* [WHAT NEEDS TO BE DONE]
Set the listing down exactly; no pictures.

* [DATA RECORDS]
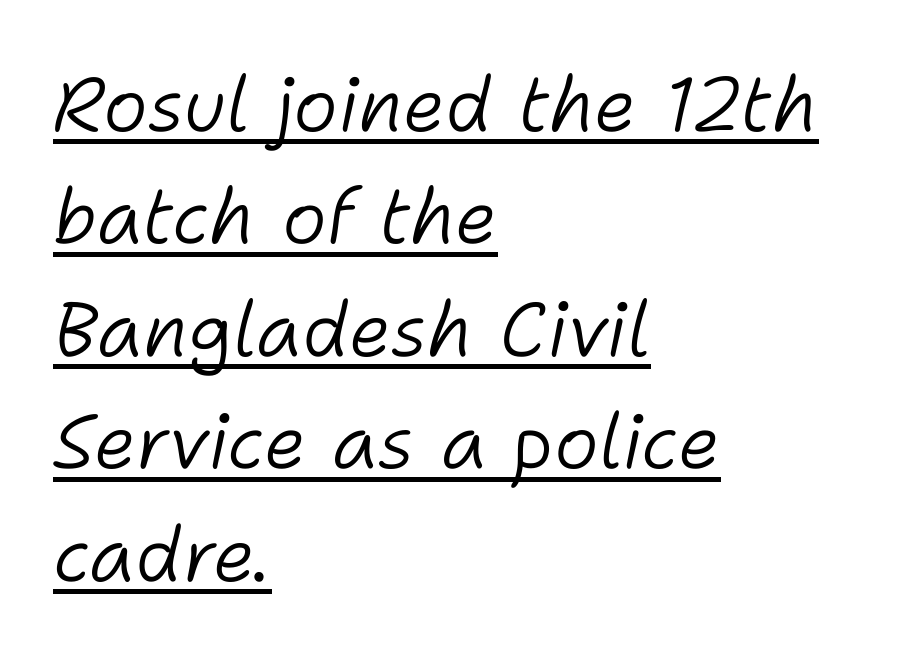
{"italic": "yes", "lean": "right", "slant_degrees": 11, "bold": "no", "weight": "light", "width": "normal", "stroke_contrast": "low", "x_height": "medium", "monospaced": "no", "underline": "yes", "align": "left", "line_spacing": "normal", "line_spacing_ratio": 1.48, "letter_spacing": "normal", "letter_spacing_em": 0.0, "glyph_px": 76}
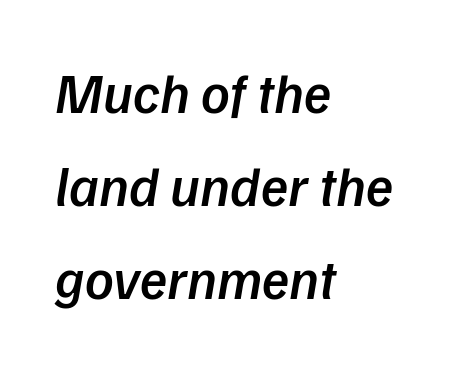
Q: Is the text bold? A: Semi-bold.
Q: Is the typeface a serif or a sans-serif typeface? A: Sans-serif.
Q: Is the text underlined? A: No.
Q: How is the paragraph aligned? A: Left-aligned.
Q: Is the spacing between letters normal or unusually wide? A: Normal.
Q: Is the spacing between lines tight, normal or loose? A: Normal.
Q: Width (condensed, normal, or wide)? A: Normal.
Q: Stroke contrast? A: Low.
Q: x-height? A: Medium.
Q: Monospaced? A: No.
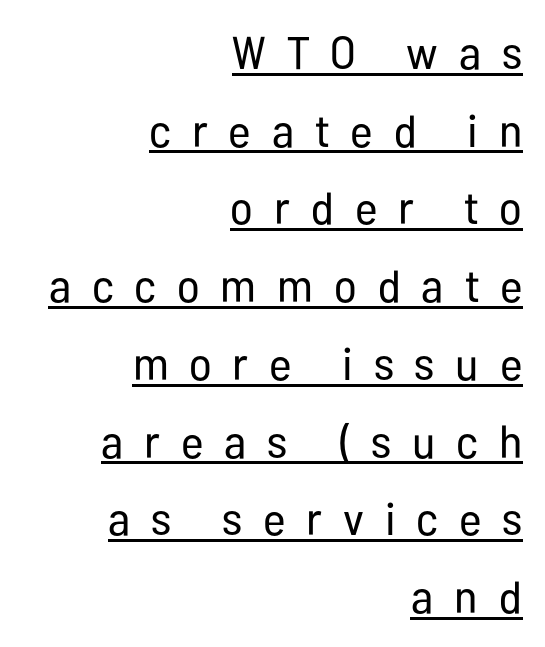
{"serif": "no", "italic": "no", "bold": "no", "weight": "regular", "width": "condensed", "stroke_contrast": "low", "x_height": "medium", "monospaced": "no", "underline": "yes", "align": "right", "line_spacing": "normal", "line_spacing_ratio": 1.69, "letter_spacing": "wide", "letter_spacing_em": 0.45, "glyph_px": 46}
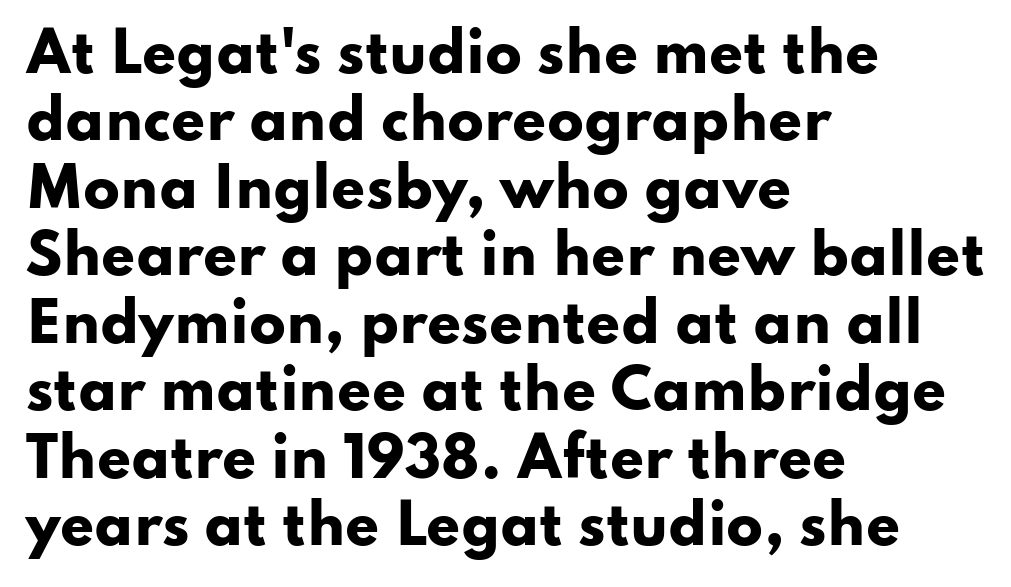
You can tell from the bare stems that sans-serif type was used. The zone under the glyphs is completely vacant. Is the letter spacing exaggerated? No — it looks like the ordinary default. Think of a printed novel: that variable character pitch is what you see here.
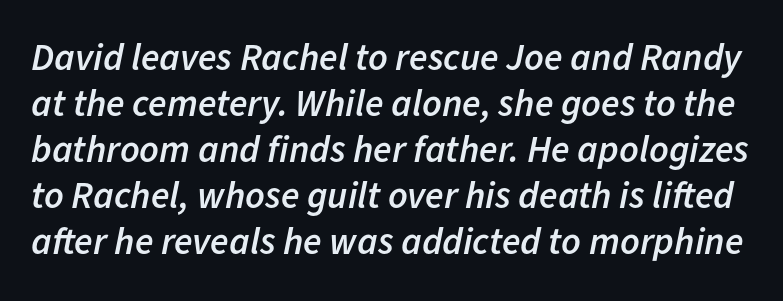
Q: Is the text bold? A: Semi-bold.
Q: Is the text italic (slanted)? A: Yes, it leans right by about 11 degrees.
Q: Is the text underlined? A: No.
Q: Is the spacing between letters normal or unusually wide? A: Normal.
Q: Width (condensed, normal, or wide)? A: Normal.
Q: Stroke contrast? A: Low.
Q: x-height? A: Medium.
Q: Monospaced? A: No.
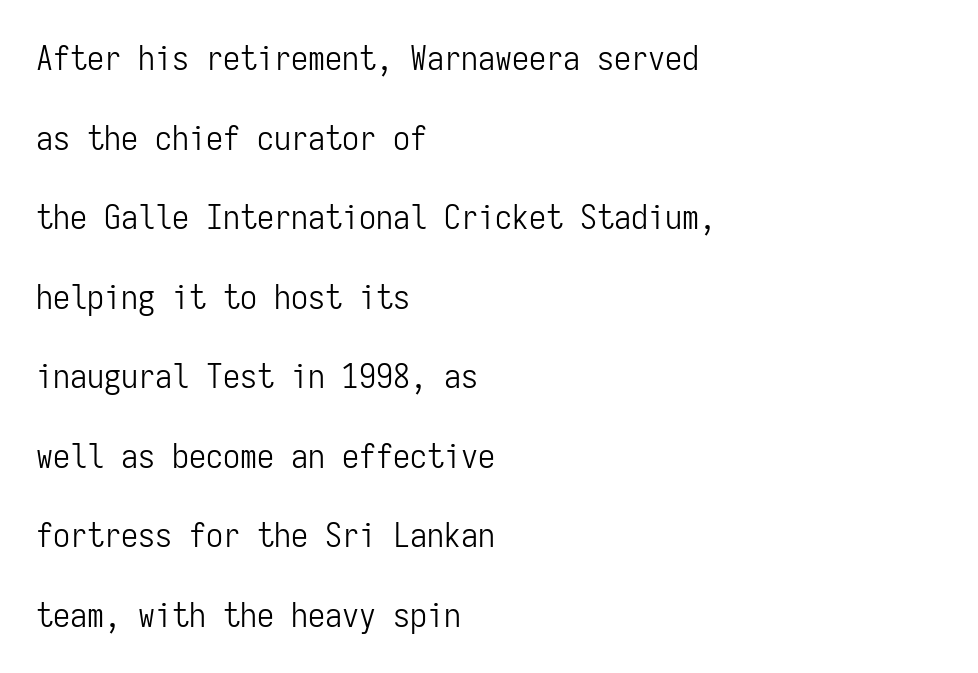
This sample uses an upright cut, with every glyph sitting square on the baseline. A typesetter would call this monospace, since all characters share one set width. Heaviness? Minimal to ordinary, like unemphasized prose. Reading down the block, your eye returns to a fixed left position each line. Lines of text with bare space underneath. Summary of vertical rhythm: relaxed, with wide interline spacing.
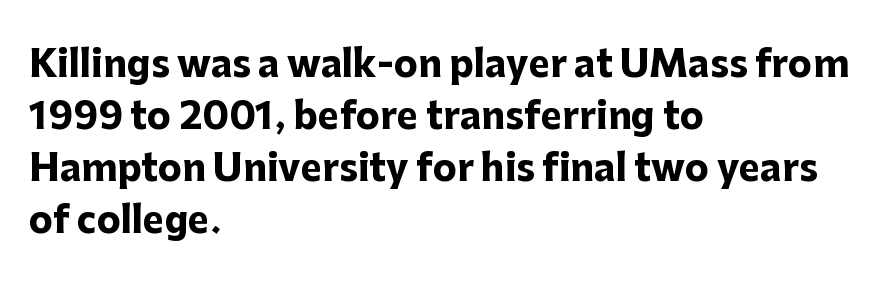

* [ANSWER TO THE EXERCISE]
{"italic": "yes", "lean": "right", "slant_degrees": 11, "bold": "no", "weight": "light", "width": "normal", "stroke_contrast": "low", "x_height": "medium", "monospaced": "no", "underline": "yes", "align": "left", "line_spacing": "normal", "line_spacing_ratio": 1.48, "letter_spacing": "normal", "letter_spacing_em": 0.0, "glyph_px": 76}
Q: Is the text bold? A: Semi-bold.
Q: Is the typeface a serif or a sans-serif typeface? A: Sans-serif.
Q: Is the text underlined? A: No.
Q: How is the paragraph aligned? A: Left-aligned.
Q: Is the spacing between letters normal or unusually wide? A: Normal.
Q: Is the spacing between lines tight, normal or loose? A: Normal.
Q: Width (condensed, normal, or wide)? A: Normal.
Q: Stroke contrast? A: Low.
Q: x-height? A: Medium.
Q: Monospaced? A: No.
{"serif": "no", "italic": "no", "bold": "no", "weight": "regular", "width": "condensed", "stroke_contrast": "low", "x_height": "medium", "monospaced": "no", "underline": "yes", "align": "right", "line_spacing": "normal", "line_spacing_ratio": 1.69, "letter_spacing": "wide", "letter_spacing_em": 0.45, "glyph_px": 46}
You can tell from the bare stems that sans-serif type was used. The zone under the glyphs is completely vacant. Is the letter spacing exaggerated? No — it looks like the ordinary default. Think of a printed novel: that variable character pitch is what you see here.
Q: Is the text bold? A: Semi-bold.
Q: Is the text italic (slanted)? A: Yes, it leans right by about 11 degrees.
Q: Is the text underlined? A: No.
Q: Is the spacing between letters normal or unusually wide? A: Normal.
Q: Width (condensed, normal, or wide)? A: Normal.
Q: Stroke contrast? A: Low.
Q: x-height? A: Medium.
Q: Monospaced? A: No.
This sample uses an upright cut, with every glyph sitting square on the baseline. A typesetter would call this monospace, since all characters share one set width. Heaviness? Minimal to ordinary, like unemphasized prose. Reading down the block, your eye returns to a fixed left position each line. Lines of text with bare space underneath. Summary of vertical rhythm: relaxed, with wide interline spacing.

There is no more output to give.